Note the third property implies the second property. We keep them separate because given hash function's resistance towards the one might differ from resistance towards the other.

Hash Algorithms

One of the earliest hash function, MD5 (message digest 5) was broken years ago. SHA1 (secure hash algorithm) was broken in 2017. git version control used to use SHA1. This worked find until someone discovered how to produce SHA1 collisions.

There are two primary "families" of hash algorithms in common use that are believed to be secure: SHA2 and SHA3. In each family, there are differing output lengths. SHA-256, SHA-384, SHA-512 are all instances of SHA2 family with outputs of 256, 384, 512 bits respectively. SHA3-256, SHA3-284, SHA3-512 are SHA3 family members.

Lowest-Hash Scheme

Cryptographic hashes have many practical applications outside of cryptography.

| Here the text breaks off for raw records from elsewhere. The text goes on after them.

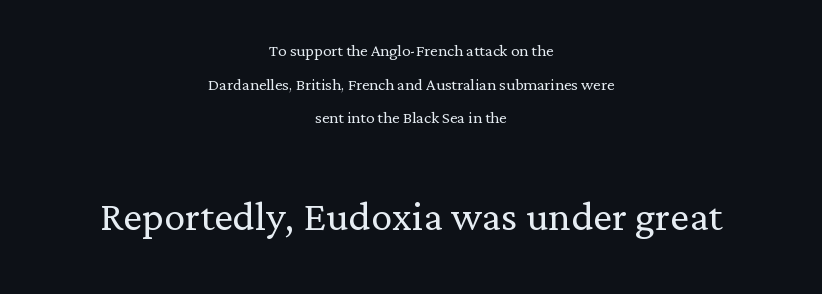
{"serif": "yes", "italic": "no", "bold": "no", "weight": "light", "width": "normal", "stroke_contrast": "low", "x_height": "medium", "monospaced": "no", "underline": "no", "align": "center", "line_spacing": "normal", "line_spacing_ratio": 1.6, "letter_spacing": "normal", "letter_spacing_em": 0.0, "larger_block": "second", "size_ratio": 2.52, "glyph_px": 53}
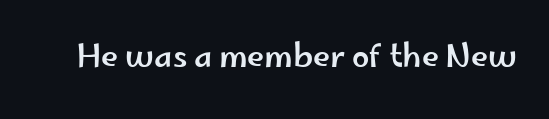
Q: Is the text italic (slanted)? A: No, it is upright.
Q: Is the typeface a serif or a sans-serif typeface? A: Sans-serif.
Q: Is the text underlined? A: No.
Q: Is the spacing between letters normal or unusually wide? A: Normal.
Q: Width (condensed, normal, or wide)? A: Wide.
Q: Stroke contrast? A: Low.
Q: x-height? A: Small.
Q: Monospaced? A: No.
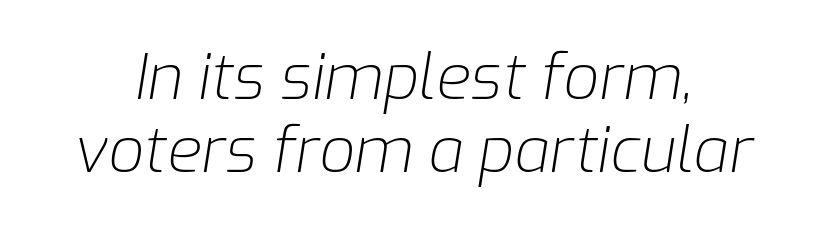
The image shows 63 px light type, italic (leaning right); set line spacing 1.16x, normal letter spacing, not underlined; low stroke contrast and a medium x-height.
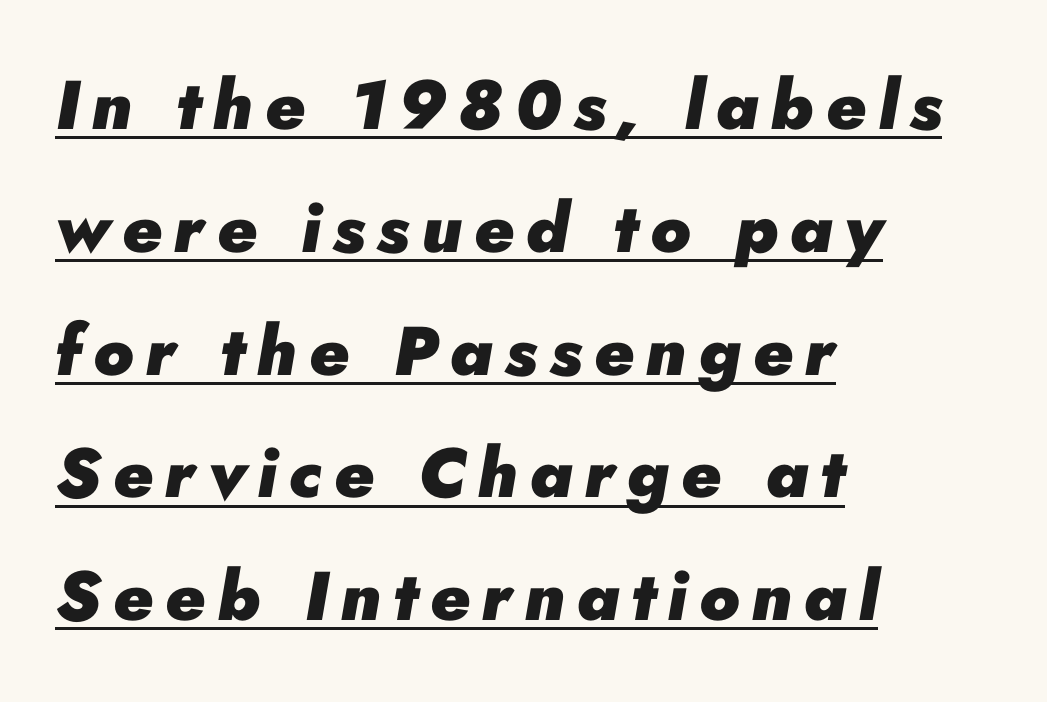
Q: Is the text bold? A: Yes.
Q: Is the text italic (slanted)? A: Yes, it leans right by about 10 degrees.
Q: Is the text underlined? A: Yes.
Q: How is the paragraph aligned? A: Left-aligned.
Q: Width (condensed, normal, or wide)? A: Normal.
Q: Stroke contrast? A: Low.
Q: x-height? A: Small.
Q: Monospaced? A: No.

Suppose you are a journalist, and a hacker contacts you claiming to have stolen 150 million records from a website. The hacker is keeping the records for ransom, so they don't want to present all 150 million files. You can tell if they are lying by getting the hash of them. If the hacker hashes all 150 million records, they are generating 150 million bitstrings. We might ask the hacker to hash them and then return the 10 lowest resulting hashes. Then check if those hashes are consistent with what we would expect the lowest 10 samples out of 150 million random bitstrings to be. The probability of getting those lowest 10 hashes from 150 million records is astronomically low and conclude that the hacker is lying about their claim.

We can also require the attacker to send the 10 records corresponding to the lowest hashes, and they must know which of the 150 million fake records would result in the lowest hash.